Task objective:
Your job is to copy the lines from the material that include "aligned".

Information shown:
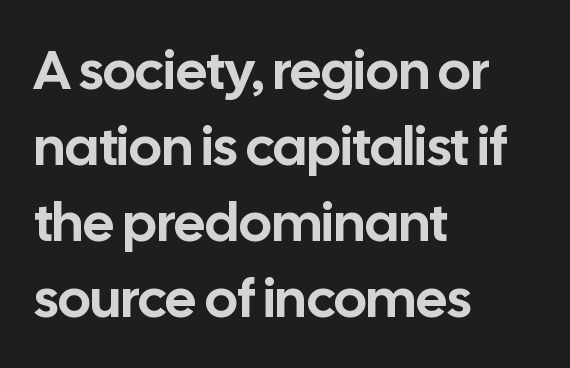
The image shows 55 px sans-serif type, upright; set left-aligned, normal line spacing (1.38x), normal letter spacing, not underlined; low stroke contrast and a medium x-height.
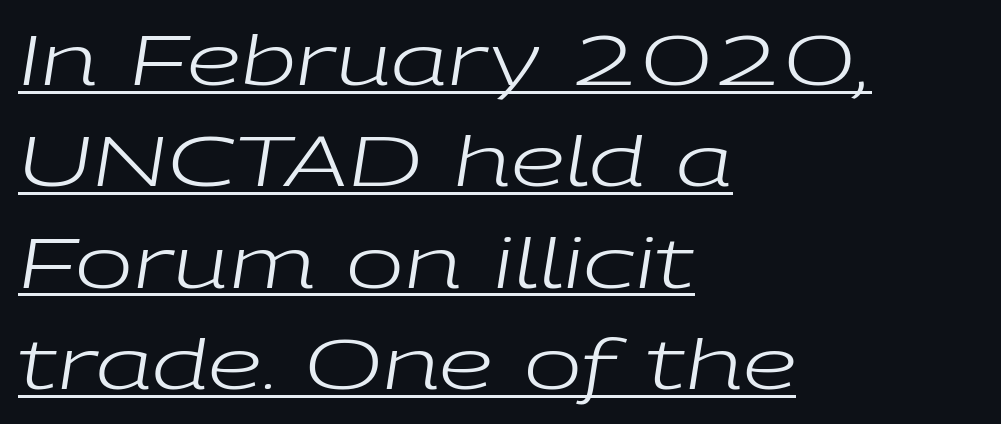
{"italic": "yes", "lean": "right", "slant_degrees": 9, "bold": "no", "weight": "regular", "width": "wide", "stroke_contrast": "low", "x_height": "medium", "monospaced": "no", "underline": "yes", "align": "left", "line_spacing": "normal", "line_spacing_ratio": 1.47, "letter_spacing": "normal", "letter_spacing_em": 0.0, "glyph_px": 69}
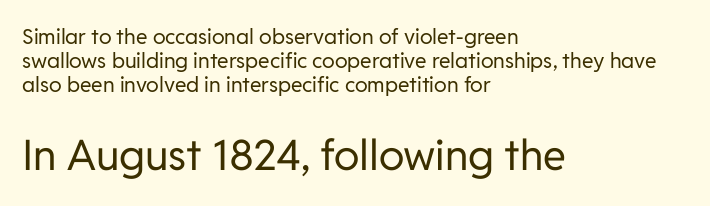
The image shows 42 px regular-weight sans-serif type, upright; set left-aligned, tight line spacing (1.14x), normal letter spacing, not underlined; the second (bottom) block is 2.0x larger; low stroke contrast and a medium x-height.
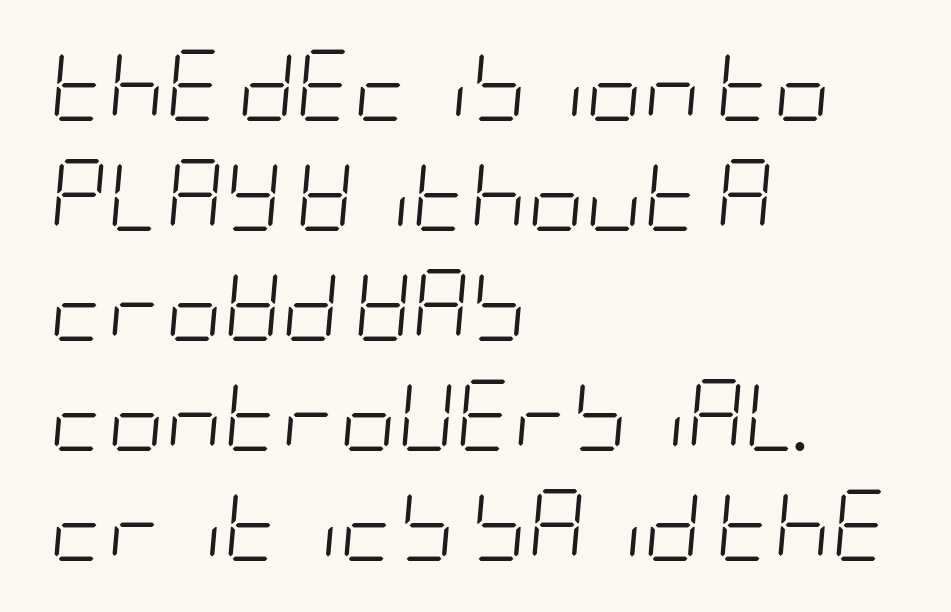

Output of the task:
The image shows 55 px sans-serif type, upright; set left-aligned, normal line spacing (1.38x), normal letter spacing, not underlined; low stroke contrast and a medium x-height.
The image shows 42 px regular-weight sans-serif type, upright; set left-aligned, tight line spacing (1.14x), normal letter spacing, not underlined; the second (bottom) block is 2.0x larger; low stroke contrast and a medium x-height.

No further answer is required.